**What is required**:
Report back the lines in this listing that carry the string "width".

**Given information**:
============================================================

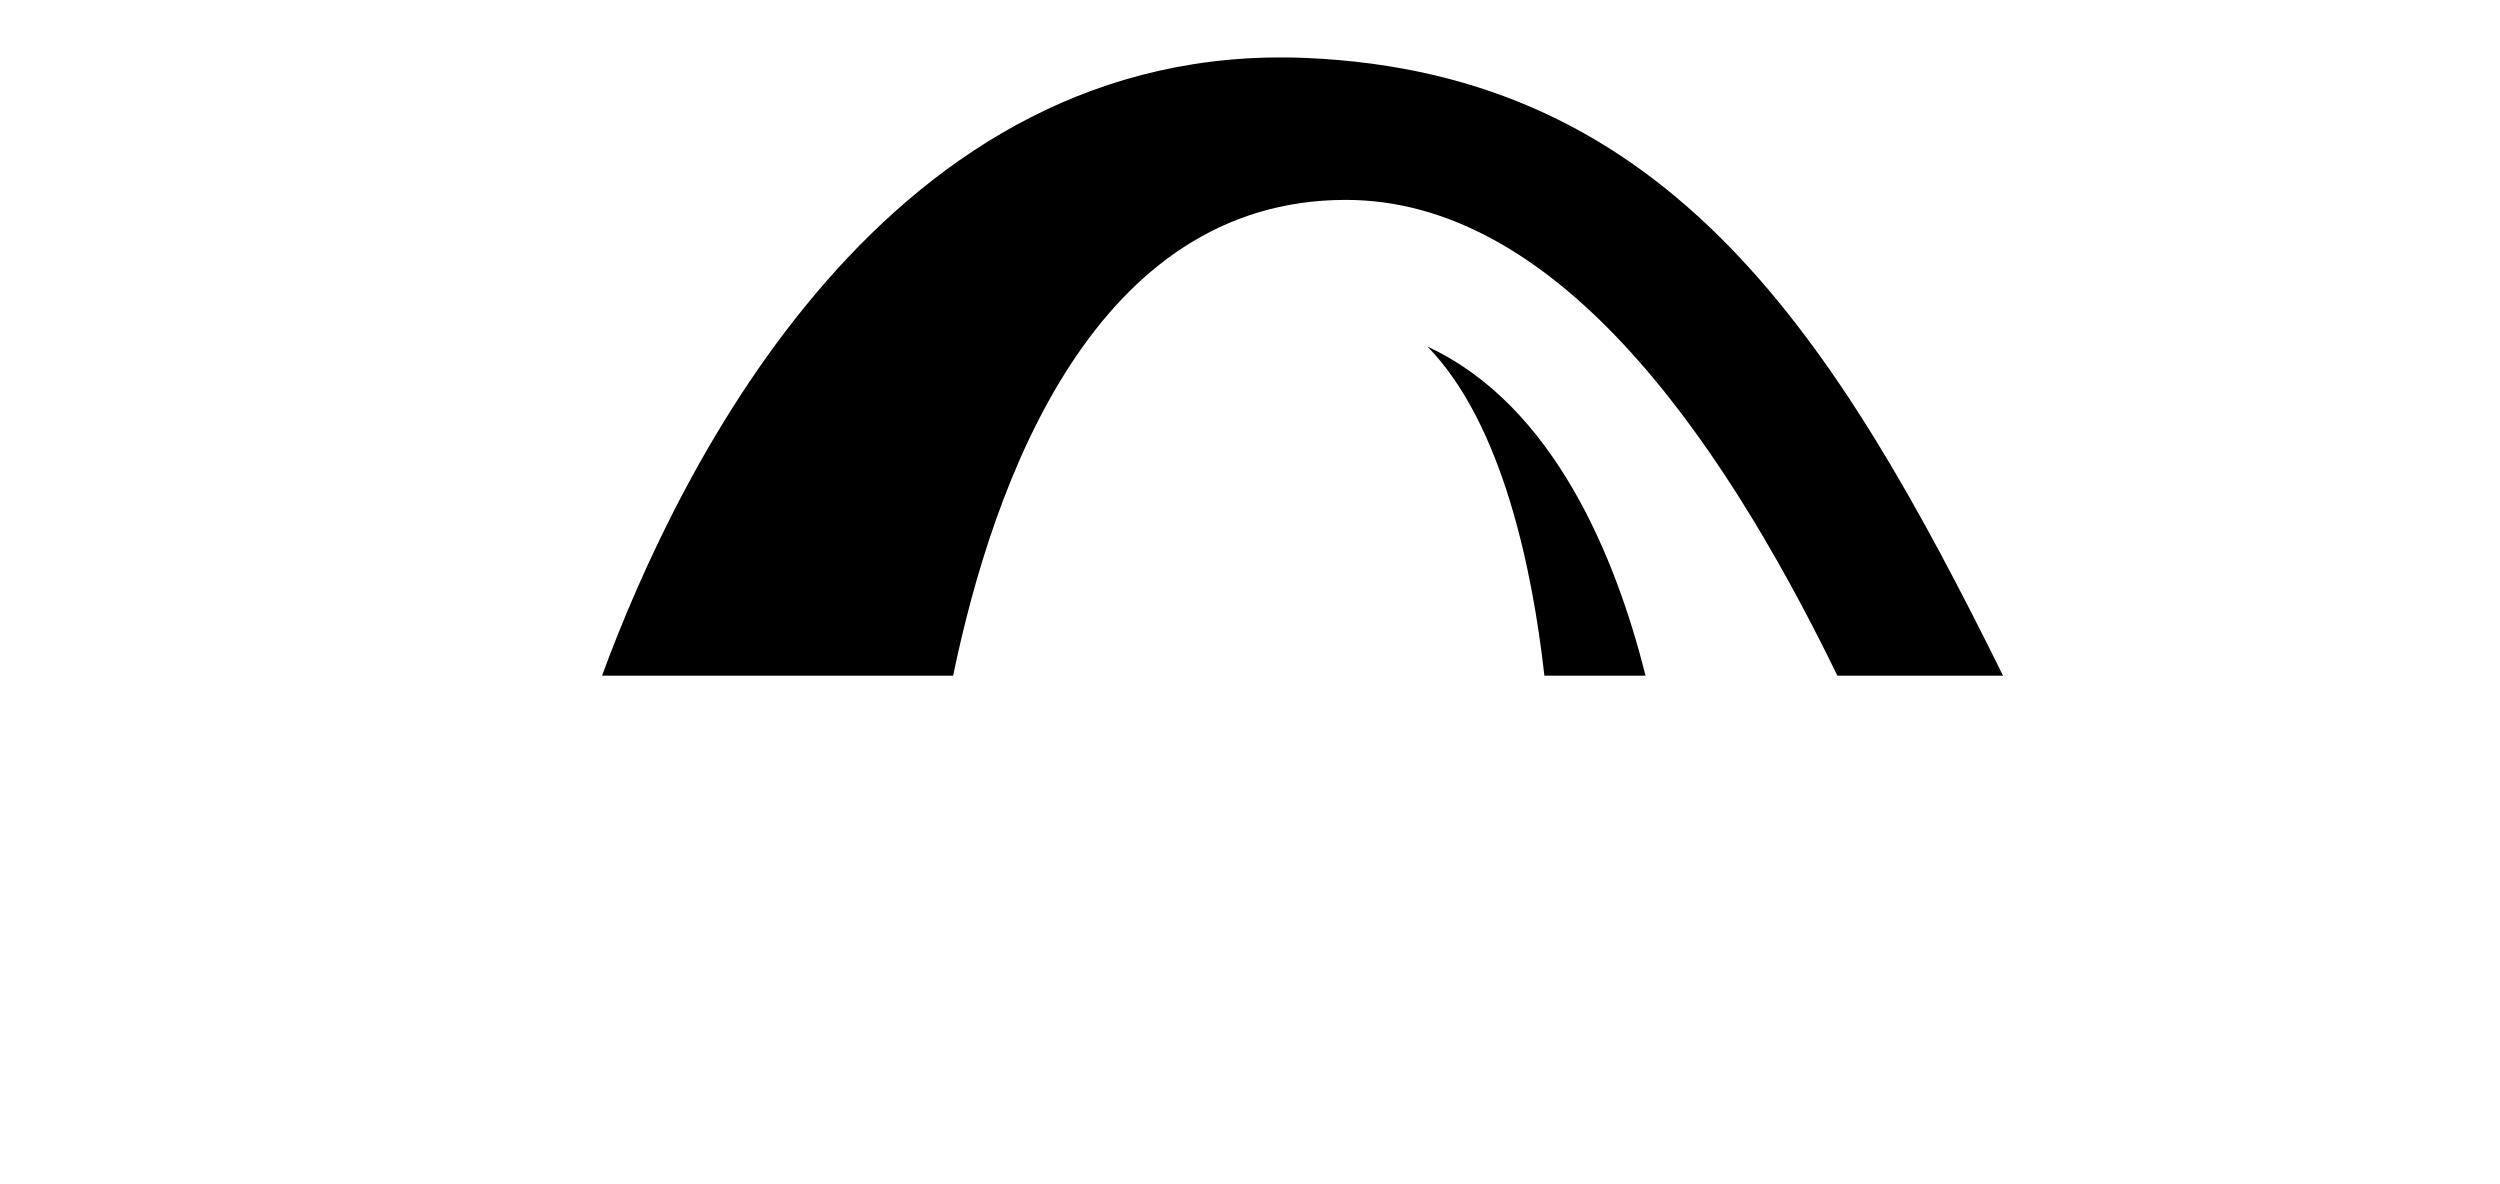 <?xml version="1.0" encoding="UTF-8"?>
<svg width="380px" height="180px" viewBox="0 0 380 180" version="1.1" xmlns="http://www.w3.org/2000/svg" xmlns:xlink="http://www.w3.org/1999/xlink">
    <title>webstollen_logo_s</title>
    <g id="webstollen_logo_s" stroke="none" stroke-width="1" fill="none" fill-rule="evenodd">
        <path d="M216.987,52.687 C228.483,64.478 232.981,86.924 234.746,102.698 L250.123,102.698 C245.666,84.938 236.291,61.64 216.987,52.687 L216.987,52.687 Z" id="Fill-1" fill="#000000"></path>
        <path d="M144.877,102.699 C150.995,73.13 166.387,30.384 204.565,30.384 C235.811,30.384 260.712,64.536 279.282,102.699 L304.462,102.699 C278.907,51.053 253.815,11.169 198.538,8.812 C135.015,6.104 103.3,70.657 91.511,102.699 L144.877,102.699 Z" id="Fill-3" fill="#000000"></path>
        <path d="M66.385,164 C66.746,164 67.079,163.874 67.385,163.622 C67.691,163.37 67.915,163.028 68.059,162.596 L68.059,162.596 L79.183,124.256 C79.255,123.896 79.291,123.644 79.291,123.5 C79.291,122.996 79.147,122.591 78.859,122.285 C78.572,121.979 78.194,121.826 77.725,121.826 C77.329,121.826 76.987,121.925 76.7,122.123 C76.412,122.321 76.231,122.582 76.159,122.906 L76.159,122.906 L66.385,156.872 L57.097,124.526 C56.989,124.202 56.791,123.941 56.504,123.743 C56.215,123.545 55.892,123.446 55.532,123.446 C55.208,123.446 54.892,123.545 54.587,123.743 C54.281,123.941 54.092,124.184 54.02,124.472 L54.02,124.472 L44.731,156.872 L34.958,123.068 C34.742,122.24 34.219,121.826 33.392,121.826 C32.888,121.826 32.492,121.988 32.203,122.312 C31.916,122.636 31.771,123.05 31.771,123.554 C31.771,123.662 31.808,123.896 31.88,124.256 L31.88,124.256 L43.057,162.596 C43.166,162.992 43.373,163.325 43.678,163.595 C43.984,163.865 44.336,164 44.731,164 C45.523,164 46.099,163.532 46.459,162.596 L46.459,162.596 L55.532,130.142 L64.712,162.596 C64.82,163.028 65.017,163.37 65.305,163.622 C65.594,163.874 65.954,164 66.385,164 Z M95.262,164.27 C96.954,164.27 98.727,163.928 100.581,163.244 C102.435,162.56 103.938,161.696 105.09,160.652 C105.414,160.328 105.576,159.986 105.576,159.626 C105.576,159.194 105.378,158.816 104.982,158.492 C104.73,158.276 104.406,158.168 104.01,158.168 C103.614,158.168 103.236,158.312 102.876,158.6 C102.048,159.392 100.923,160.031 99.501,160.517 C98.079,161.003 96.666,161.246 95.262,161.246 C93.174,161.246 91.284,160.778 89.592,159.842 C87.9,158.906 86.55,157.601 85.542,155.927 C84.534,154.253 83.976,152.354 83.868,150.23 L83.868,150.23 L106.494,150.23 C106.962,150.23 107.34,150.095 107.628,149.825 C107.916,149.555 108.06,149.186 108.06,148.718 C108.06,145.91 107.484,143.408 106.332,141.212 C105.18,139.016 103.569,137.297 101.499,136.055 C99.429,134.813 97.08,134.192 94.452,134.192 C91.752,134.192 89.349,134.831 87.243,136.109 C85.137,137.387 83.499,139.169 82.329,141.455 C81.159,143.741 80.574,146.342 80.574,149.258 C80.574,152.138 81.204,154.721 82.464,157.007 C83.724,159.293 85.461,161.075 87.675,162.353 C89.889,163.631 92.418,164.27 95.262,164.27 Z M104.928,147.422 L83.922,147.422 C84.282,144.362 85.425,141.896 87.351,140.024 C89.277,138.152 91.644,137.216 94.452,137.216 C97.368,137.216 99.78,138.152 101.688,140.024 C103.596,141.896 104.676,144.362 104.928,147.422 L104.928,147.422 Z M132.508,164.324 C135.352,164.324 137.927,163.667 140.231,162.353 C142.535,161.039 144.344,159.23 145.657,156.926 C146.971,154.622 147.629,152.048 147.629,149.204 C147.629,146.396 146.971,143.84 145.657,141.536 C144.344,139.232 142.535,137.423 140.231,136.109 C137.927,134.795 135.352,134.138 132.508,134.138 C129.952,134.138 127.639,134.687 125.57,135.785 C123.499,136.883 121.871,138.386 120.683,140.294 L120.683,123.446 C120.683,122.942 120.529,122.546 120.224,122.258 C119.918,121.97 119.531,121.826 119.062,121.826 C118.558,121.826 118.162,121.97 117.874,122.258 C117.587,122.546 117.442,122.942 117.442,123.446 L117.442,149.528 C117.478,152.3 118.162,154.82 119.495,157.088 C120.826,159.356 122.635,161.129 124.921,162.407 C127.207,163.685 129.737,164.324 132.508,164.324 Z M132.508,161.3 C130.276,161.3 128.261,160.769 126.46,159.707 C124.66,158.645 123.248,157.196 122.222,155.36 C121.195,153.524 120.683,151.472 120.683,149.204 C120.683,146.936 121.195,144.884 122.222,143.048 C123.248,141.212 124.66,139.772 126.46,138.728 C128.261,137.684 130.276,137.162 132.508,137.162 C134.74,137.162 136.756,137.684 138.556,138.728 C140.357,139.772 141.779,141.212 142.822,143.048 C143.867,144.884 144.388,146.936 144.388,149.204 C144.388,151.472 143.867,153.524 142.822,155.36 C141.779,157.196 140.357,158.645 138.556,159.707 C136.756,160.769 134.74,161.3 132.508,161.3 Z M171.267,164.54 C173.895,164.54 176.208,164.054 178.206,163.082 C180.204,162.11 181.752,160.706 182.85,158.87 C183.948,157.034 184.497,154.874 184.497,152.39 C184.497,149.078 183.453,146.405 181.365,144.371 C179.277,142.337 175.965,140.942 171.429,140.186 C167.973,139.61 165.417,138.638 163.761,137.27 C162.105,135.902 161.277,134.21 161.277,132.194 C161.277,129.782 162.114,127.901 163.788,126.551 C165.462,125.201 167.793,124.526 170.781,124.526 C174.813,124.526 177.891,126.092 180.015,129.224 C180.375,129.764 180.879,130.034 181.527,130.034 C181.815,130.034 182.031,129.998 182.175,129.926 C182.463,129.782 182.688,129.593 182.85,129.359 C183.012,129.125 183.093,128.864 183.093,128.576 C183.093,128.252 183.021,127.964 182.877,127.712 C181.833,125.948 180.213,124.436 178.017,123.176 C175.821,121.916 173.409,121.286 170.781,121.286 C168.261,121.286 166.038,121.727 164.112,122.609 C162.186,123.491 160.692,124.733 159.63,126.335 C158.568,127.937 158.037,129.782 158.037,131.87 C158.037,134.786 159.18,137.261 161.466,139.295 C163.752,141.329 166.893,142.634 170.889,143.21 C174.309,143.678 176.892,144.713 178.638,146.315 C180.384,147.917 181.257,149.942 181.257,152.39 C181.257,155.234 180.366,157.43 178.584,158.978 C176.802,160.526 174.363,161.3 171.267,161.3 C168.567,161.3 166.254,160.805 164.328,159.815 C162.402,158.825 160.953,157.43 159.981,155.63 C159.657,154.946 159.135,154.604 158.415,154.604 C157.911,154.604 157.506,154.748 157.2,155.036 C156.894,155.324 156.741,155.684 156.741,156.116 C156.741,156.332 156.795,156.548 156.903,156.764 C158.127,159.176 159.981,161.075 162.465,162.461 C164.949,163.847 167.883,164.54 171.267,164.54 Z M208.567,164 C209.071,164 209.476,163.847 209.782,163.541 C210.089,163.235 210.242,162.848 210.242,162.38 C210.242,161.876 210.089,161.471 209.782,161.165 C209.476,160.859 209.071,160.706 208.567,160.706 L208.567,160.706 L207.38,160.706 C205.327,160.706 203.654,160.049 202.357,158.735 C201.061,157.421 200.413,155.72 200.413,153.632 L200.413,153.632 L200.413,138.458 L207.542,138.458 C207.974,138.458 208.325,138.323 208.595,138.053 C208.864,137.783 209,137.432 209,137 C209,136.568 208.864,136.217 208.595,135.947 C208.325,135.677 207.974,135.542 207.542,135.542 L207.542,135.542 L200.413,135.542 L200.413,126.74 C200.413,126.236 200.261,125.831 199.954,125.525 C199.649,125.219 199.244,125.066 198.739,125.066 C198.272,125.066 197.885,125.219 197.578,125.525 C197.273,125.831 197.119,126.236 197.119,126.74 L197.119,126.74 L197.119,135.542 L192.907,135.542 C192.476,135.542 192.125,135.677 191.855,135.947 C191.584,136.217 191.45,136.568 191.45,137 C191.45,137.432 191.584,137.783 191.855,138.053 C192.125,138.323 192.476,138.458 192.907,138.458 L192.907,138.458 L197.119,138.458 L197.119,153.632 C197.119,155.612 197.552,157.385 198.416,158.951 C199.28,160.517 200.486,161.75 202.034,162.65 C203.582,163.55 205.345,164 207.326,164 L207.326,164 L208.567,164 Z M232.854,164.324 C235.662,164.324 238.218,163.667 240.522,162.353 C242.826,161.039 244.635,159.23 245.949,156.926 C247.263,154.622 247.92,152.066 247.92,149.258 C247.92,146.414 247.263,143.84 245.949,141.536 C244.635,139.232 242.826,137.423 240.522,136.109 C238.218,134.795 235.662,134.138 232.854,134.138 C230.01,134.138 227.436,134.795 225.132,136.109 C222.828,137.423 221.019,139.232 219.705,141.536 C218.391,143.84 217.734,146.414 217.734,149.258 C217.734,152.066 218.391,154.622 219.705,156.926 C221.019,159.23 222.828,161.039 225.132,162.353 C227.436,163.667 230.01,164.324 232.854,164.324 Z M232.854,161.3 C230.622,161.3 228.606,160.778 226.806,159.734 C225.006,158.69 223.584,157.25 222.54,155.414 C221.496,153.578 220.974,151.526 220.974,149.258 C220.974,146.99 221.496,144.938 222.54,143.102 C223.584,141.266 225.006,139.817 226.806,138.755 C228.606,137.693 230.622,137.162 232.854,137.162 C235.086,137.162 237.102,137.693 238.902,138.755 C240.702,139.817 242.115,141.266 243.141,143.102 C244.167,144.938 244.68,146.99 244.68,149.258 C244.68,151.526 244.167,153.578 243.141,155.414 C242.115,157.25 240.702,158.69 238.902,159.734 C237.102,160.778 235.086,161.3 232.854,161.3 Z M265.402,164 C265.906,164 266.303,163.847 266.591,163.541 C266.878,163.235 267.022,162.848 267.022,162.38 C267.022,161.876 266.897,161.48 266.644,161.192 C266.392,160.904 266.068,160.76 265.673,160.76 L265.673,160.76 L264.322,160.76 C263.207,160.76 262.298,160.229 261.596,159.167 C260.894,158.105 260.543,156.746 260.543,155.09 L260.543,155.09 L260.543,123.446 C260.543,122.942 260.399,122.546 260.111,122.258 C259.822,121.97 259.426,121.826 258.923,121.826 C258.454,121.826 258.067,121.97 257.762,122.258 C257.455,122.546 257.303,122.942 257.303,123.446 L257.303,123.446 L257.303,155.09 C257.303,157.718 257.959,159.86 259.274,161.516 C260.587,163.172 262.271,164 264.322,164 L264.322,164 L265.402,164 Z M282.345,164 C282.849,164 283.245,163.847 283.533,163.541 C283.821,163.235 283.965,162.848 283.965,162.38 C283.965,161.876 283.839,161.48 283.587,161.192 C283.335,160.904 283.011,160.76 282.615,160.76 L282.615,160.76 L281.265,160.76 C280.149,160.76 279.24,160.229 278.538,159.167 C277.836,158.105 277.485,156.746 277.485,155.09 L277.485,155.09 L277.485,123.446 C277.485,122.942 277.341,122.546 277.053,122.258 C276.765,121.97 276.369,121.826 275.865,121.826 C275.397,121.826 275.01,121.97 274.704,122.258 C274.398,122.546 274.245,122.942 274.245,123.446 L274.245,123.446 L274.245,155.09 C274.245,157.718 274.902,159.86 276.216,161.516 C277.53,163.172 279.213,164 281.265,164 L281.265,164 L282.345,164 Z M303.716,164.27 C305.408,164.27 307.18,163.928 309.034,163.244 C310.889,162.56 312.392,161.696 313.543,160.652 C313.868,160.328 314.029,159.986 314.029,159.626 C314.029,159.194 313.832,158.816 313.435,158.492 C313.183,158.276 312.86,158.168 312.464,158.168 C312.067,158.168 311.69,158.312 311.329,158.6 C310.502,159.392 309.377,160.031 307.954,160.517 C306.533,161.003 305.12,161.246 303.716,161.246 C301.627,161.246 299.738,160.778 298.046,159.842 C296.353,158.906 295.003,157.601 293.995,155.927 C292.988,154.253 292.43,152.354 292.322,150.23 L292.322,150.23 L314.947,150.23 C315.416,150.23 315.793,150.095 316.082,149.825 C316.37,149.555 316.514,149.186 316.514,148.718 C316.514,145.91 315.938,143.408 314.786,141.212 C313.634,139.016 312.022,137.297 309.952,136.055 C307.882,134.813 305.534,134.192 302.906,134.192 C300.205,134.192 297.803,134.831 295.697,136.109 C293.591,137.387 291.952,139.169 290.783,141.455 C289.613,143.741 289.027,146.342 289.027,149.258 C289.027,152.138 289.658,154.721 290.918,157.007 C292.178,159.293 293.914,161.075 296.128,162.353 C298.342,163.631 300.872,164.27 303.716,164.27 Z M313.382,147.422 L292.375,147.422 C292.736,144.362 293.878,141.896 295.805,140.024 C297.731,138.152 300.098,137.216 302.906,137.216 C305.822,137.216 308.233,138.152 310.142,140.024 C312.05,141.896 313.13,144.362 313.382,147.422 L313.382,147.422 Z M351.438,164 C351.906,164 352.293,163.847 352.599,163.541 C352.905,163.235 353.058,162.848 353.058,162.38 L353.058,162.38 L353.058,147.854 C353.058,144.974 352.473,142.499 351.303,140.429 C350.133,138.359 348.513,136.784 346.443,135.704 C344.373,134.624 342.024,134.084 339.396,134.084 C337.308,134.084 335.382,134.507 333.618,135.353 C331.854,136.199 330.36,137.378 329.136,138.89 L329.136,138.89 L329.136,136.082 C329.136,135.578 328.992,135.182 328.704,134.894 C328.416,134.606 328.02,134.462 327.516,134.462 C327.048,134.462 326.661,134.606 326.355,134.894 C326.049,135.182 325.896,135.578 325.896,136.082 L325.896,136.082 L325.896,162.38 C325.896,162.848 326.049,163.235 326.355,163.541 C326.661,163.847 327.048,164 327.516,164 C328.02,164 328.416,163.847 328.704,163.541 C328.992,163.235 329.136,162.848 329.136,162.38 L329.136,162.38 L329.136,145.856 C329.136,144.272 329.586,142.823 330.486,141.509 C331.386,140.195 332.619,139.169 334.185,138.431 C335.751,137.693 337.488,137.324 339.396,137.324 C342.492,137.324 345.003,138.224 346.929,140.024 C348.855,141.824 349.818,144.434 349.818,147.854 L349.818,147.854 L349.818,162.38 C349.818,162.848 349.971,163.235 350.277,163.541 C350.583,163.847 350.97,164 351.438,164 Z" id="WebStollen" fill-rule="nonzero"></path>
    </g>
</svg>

============================================================

**Finished exercise**:
<svg width="380px" height="180px" viewBox="0 0 380 180" version="1.1" xmlns="http://www.w3.org/2000/svg" xmlns:xlink="http://www.w3.org/1999/xlink">
    <g id="webstollen_logo_s" stroke="none" stroke-width="1" fill="none" fill-rule="evenodd">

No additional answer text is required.